Activistas del grupo PowerHouse cubren con paraguas la entrada a la clínica de Servicios Sanitarios Reproductivos, el pasado viernes, en Montgomery (Alabama). A. MARS
El Estado sureño ha impulsado la ley más restrictiva del país, dentro de una ofensiva conservadora nacional, pero el viacrucis para las mujeres lleva ya muchos años
Son poco más de las 4.30 de la mañana, pero en el 811 de la calle South Perry de Montgomery ya ha empezado el trajín. Tres hombres rezan de rodillas en la oscuridad, de espaldas a un edificio bajo y envejecido, que alberga una de las tres únicas clínicas que practican abortos en Alabama.

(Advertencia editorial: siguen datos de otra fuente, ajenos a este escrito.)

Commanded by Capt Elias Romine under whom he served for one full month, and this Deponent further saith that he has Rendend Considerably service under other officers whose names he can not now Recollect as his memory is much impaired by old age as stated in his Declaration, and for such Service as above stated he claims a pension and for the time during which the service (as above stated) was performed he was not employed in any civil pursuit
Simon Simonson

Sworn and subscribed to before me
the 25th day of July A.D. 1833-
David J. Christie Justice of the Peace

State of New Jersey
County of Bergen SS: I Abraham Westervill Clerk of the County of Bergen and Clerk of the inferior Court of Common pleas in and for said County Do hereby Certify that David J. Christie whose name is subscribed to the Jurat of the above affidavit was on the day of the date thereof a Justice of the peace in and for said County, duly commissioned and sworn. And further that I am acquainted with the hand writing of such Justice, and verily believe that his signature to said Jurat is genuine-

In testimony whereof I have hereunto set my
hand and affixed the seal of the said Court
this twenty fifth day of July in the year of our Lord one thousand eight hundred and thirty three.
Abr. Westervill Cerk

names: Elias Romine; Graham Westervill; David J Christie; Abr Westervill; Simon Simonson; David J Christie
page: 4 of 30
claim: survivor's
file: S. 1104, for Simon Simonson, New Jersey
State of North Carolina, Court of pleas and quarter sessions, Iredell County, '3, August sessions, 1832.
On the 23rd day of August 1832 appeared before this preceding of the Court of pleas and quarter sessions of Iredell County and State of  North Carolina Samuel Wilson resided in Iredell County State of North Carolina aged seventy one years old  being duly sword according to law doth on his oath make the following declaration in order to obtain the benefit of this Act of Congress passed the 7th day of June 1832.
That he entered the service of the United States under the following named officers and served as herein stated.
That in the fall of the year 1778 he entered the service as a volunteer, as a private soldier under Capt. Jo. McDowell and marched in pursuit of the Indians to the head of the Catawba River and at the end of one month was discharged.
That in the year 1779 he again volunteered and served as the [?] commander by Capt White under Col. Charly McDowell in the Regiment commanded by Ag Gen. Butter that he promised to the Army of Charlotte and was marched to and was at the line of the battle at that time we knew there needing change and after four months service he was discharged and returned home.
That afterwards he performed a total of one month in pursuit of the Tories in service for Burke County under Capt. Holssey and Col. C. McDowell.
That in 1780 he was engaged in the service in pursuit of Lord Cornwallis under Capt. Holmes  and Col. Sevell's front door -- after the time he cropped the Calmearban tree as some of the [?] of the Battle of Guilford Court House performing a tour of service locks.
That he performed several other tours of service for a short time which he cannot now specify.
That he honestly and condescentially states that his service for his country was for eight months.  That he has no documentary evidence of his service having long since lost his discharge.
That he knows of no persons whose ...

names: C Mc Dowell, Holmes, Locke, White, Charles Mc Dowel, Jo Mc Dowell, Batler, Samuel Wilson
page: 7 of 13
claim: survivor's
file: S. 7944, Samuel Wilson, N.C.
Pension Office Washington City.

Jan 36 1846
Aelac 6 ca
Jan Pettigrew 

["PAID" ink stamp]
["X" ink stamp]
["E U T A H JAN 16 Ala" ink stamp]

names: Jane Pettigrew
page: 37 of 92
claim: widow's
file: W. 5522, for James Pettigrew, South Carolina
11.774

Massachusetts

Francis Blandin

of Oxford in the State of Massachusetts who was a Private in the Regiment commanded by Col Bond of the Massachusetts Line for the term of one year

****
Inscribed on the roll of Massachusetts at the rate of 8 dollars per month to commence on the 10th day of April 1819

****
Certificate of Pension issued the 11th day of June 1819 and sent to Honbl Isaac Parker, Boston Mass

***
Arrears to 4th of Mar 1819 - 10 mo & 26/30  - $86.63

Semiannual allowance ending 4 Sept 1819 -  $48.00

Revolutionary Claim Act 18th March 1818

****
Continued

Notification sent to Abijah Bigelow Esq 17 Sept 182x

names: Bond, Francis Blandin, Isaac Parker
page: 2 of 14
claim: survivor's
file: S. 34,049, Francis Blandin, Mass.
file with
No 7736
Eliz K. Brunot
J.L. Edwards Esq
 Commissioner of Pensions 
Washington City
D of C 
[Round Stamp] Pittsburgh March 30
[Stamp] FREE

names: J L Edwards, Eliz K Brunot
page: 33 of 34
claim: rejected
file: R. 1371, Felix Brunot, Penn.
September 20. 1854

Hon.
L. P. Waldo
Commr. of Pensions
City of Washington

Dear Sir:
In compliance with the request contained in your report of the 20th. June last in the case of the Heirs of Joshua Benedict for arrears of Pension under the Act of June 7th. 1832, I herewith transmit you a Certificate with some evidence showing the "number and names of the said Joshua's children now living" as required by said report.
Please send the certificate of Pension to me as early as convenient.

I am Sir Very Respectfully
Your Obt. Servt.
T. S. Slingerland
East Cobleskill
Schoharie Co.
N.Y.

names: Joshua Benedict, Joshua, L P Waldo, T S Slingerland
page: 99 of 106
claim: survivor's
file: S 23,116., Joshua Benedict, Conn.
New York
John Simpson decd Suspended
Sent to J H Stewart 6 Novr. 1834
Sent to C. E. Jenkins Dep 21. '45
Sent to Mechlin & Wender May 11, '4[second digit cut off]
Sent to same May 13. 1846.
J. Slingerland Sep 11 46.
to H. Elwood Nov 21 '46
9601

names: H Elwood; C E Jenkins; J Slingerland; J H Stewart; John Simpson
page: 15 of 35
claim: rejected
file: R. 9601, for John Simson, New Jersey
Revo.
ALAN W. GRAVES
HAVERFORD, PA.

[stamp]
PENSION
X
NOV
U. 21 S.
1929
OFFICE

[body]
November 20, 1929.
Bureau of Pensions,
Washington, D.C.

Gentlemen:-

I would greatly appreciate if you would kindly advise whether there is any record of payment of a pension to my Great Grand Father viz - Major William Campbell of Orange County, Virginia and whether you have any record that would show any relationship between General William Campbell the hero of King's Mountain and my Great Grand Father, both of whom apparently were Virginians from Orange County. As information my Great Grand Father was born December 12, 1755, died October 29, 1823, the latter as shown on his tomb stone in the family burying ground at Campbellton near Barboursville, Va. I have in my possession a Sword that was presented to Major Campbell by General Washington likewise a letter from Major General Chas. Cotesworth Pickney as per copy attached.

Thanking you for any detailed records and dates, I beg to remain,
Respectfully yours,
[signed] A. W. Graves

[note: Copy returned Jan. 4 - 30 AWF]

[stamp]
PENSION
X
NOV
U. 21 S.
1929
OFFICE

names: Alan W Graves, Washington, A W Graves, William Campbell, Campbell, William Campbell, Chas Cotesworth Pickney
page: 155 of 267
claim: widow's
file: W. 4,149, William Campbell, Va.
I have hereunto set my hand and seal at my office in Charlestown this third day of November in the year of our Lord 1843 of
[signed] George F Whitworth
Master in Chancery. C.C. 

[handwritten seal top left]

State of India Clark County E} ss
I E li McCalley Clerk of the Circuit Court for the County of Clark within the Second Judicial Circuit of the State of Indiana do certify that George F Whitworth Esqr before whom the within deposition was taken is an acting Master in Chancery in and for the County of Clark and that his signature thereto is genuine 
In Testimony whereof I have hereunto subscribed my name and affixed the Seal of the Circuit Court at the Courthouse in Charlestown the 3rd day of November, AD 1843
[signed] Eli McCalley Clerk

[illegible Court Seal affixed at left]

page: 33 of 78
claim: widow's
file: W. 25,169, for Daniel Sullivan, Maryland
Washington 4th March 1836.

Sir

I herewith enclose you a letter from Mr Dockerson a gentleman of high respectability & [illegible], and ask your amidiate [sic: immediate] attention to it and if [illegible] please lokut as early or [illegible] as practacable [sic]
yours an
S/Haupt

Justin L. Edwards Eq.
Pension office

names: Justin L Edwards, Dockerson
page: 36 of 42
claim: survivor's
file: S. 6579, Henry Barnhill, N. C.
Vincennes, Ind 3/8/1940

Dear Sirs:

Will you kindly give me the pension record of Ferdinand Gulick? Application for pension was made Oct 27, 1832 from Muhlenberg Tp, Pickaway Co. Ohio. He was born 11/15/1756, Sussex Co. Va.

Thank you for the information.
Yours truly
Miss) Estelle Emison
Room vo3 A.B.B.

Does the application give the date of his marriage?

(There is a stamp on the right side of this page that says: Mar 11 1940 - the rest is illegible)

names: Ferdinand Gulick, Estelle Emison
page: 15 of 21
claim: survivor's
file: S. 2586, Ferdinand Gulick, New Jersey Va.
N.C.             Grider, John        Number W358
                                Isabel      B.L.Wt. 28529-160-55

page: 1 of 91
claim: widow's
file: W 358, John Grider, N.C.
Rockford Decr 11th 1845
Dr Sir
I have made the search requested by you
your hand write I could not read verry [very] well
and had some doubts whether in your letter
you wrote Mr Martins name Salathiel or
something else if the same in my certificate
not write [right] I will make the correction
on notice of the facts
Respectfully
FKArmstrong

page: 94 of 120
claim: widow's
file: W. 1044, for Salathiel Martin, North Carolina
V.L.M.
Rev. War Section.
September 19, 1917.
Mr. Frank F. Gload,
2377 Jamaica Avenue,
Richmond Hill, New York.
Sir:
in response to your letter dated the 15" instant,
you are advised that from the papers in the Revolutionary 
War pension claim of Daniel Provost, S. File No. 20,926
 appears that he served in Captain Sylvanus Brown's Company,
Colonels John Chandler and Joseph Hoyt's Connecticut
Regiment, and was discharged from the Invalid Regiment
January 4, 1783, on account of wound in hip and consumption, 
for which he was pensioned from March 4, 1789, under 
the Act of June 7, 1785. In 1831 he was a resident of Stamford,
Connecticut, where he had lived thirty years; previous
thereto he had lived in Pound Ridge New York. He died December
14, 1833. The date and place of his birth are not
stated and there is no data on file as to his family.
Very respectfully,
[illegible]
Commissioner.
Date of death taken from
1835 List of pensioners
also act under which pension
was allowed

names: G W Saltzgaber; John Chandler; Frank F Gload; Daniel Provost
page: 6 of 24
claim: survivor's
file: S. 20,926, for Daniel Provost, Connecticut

Llega un cuarto, David Day —según se presenta—, con una cámara Gopro adosada al pecho y el cartel con la imagen de un feto ensangrentado cargando en sus manos. Se queda de pie. En la casa contigua al centro médico, solo separada por un aparcamiento, los voluntarios del grupo Power House también han empezado su jornada. Bianca Cameron-Schwiesow y Margeaux Hartline se enfundan los chalecos de colores y sacan los paraguas al porche. Poco a poco van apareciendo los demás escoltas, más de una docena. Es viernes, único día de la semana de intervenciones, y se esperan 20 pacientes.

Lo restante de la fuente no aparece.